Analytics get distributed, parallel and mathematical
By Simon Bisson & Mary Branscombe in Editorial
Posted in data warehouses, analytics, Applications, Storage on
We had a very interesting conversation today, talking about the next generation of business analytics with folk from Greenplum. The most interesting piece of their story was just how their application works with data.
With no legacy to build on, the Greenplum engineers could take a very different architectural approach. Traditional databases use a single store, and a single query engine. Greenplum’s tools break data up into parcels, sharing it across every machine in their data processing network. A central server keeps track of where the data is held, and manages queries - which can be broken up and delivered to the appropriate servers, the results being assembled by the controller. Supercomputer aficionados will immediately spot that Greenplum are using a shared-nothing approach, where queries can run in parallel on sections of the data - speeding things up considerably. Having a master controller handling scheduling means you can even use unmatched hardware for your data servers.

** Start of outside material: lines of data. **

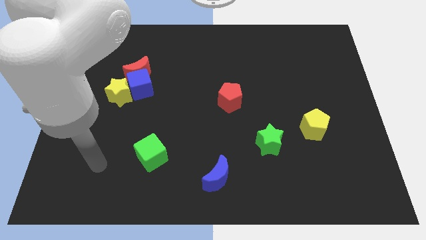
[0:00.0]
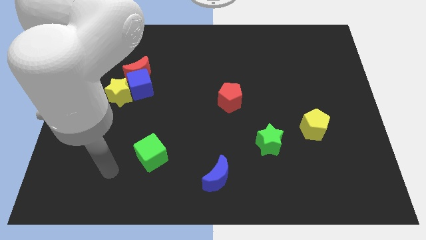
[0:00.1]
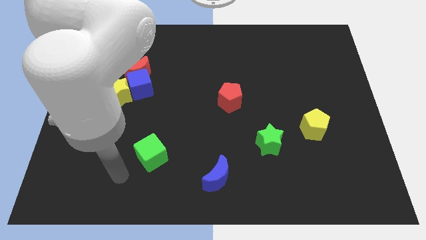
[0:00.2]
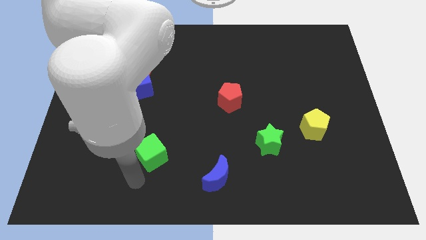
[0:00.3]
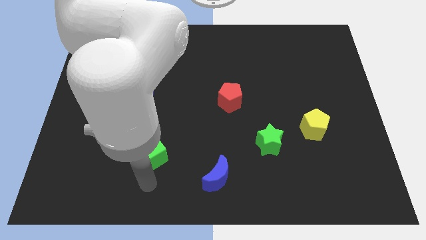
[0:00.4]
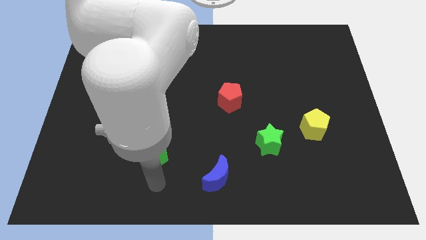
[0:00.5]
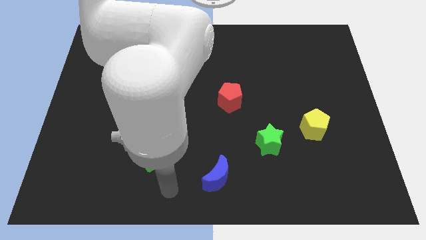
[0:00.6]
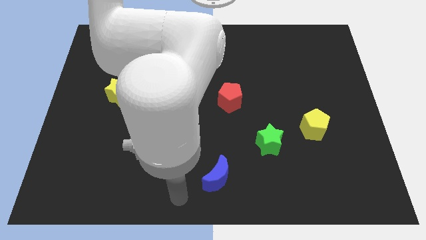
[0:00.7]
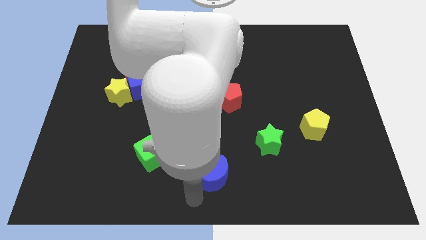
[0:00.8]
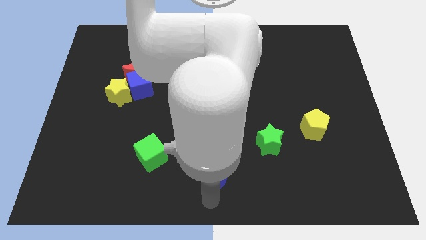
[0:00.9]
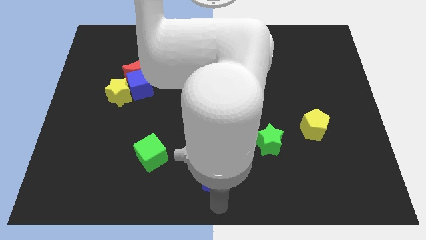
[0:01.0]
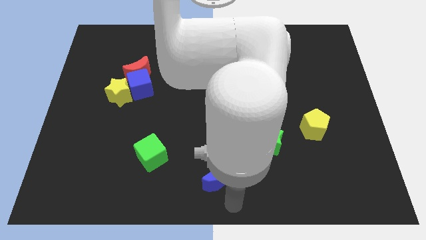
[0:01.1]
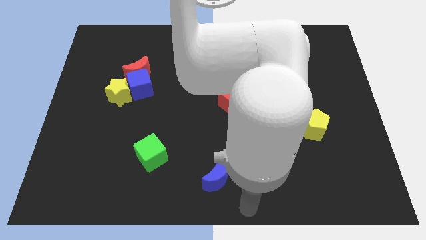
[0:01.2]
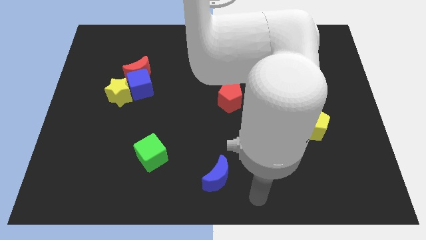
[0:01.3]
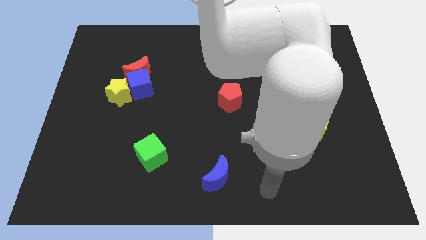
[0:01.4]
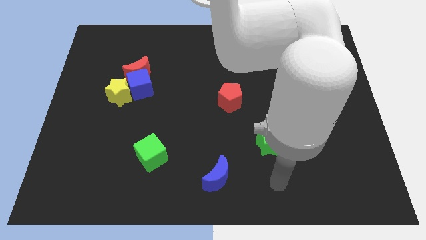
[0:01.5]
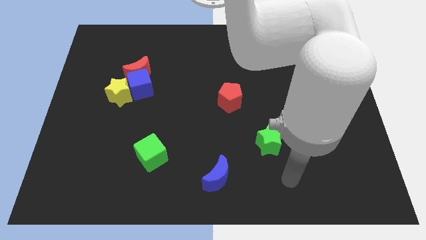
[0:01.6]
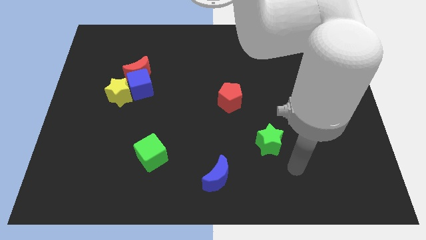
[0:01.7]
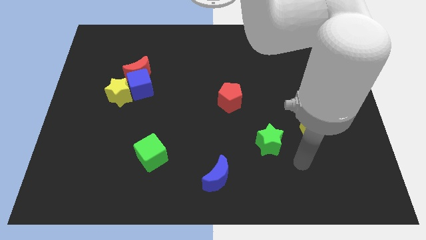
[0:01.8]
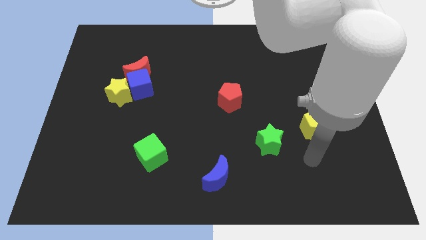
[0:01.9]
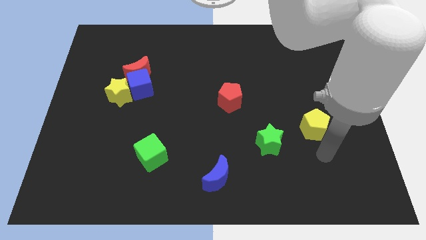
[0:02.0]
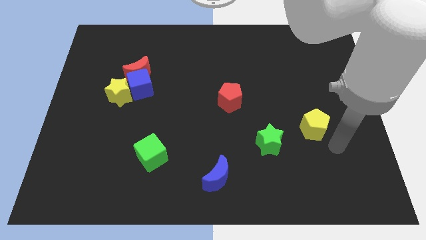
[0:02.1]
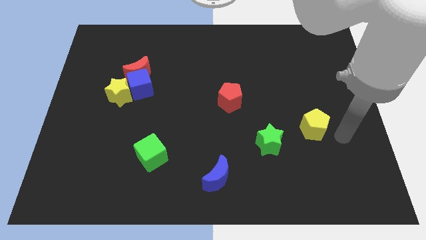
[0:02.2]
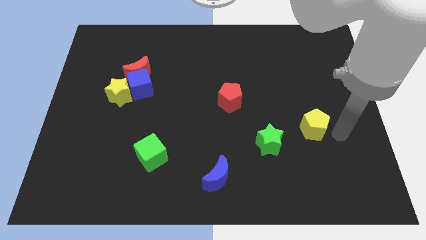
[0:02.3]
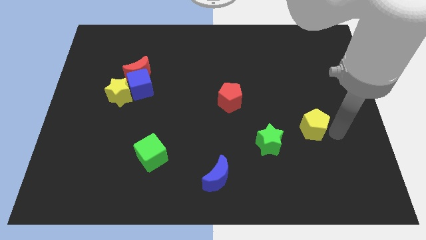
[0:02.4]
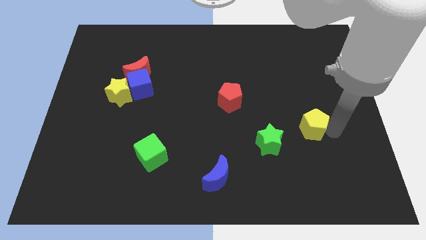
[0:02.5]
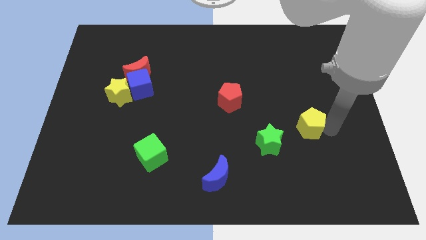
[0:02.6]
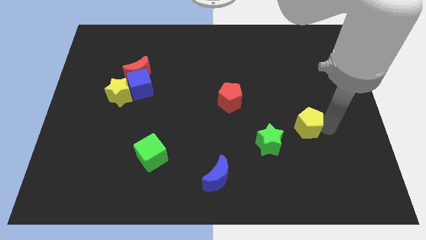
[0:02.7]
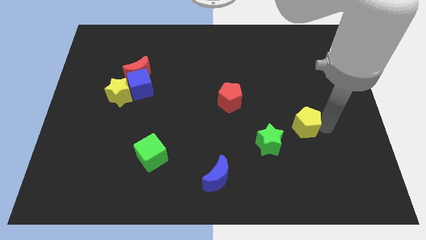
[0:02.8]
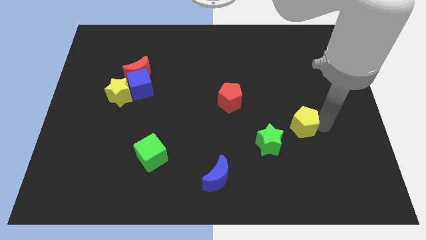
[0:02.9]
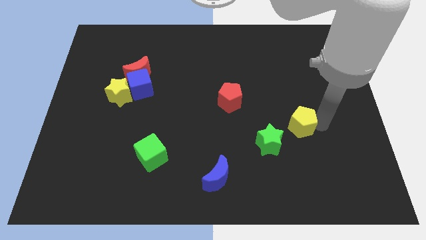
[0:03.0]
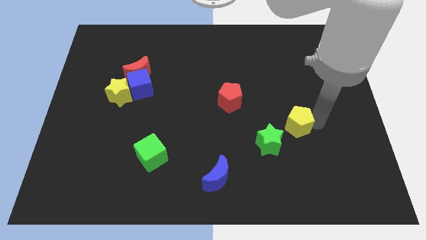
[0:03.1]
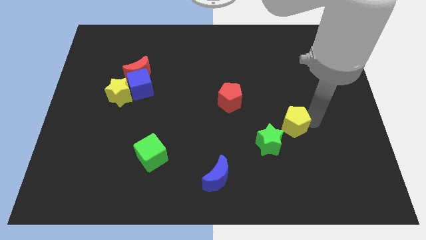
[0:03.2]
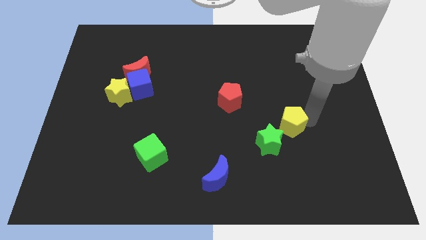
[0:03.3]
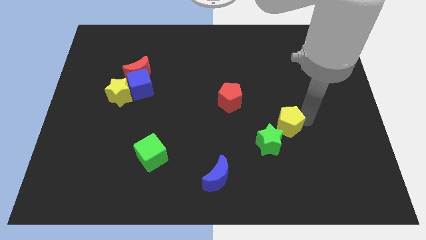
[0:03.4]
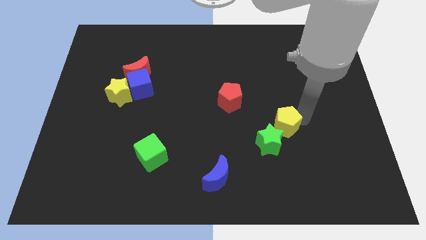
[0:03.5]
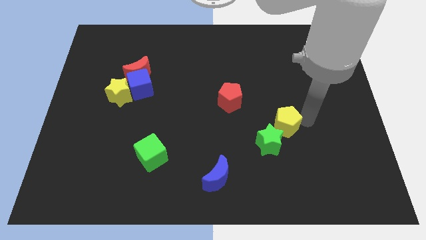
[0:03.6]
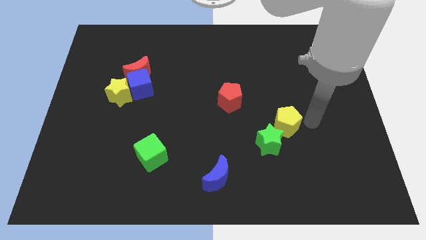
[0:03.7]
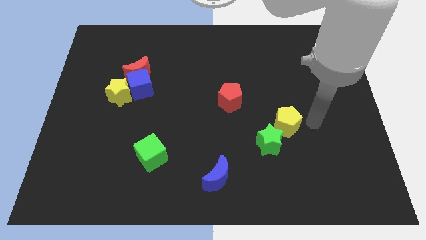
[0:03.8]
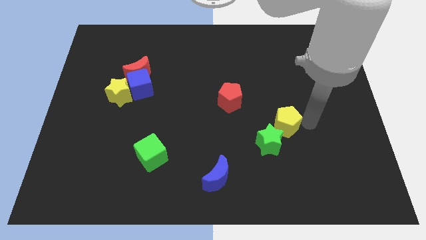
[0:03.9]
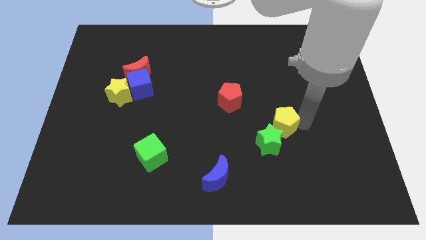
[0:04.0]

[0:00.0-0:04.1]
slightly move the yellow pentagon to the left

Complex joins can be handled in a similar manner, with queries moving data between servers and assembling results on many different processors. With quad core a commodity, and six and eight following close behind, it’s not going to be difficult to build a powerful data processing farm (and use the same hardware for other tasks when you don’t need high level analytics).
There’s another spin out of the architecture - you can mix different query types in one analytic operation. With Greenplum’s tools you can mix SQL with Google’s MapReduce, and even throw in the R statistical language for complex mathematical operations. Modelling is an important piece of business analytics, and means that Greenplum’s tools are able to compete with high-end analytical tools like SAS. There are plenty of interesting use cases here - perhpas you’re currently working with massive data sets that take a week to process and a day or so to feed into predictive models. With Greenplum you’ll be able to load the data in parallel and run your statistical models on the data - giving you a considerable speed advantage.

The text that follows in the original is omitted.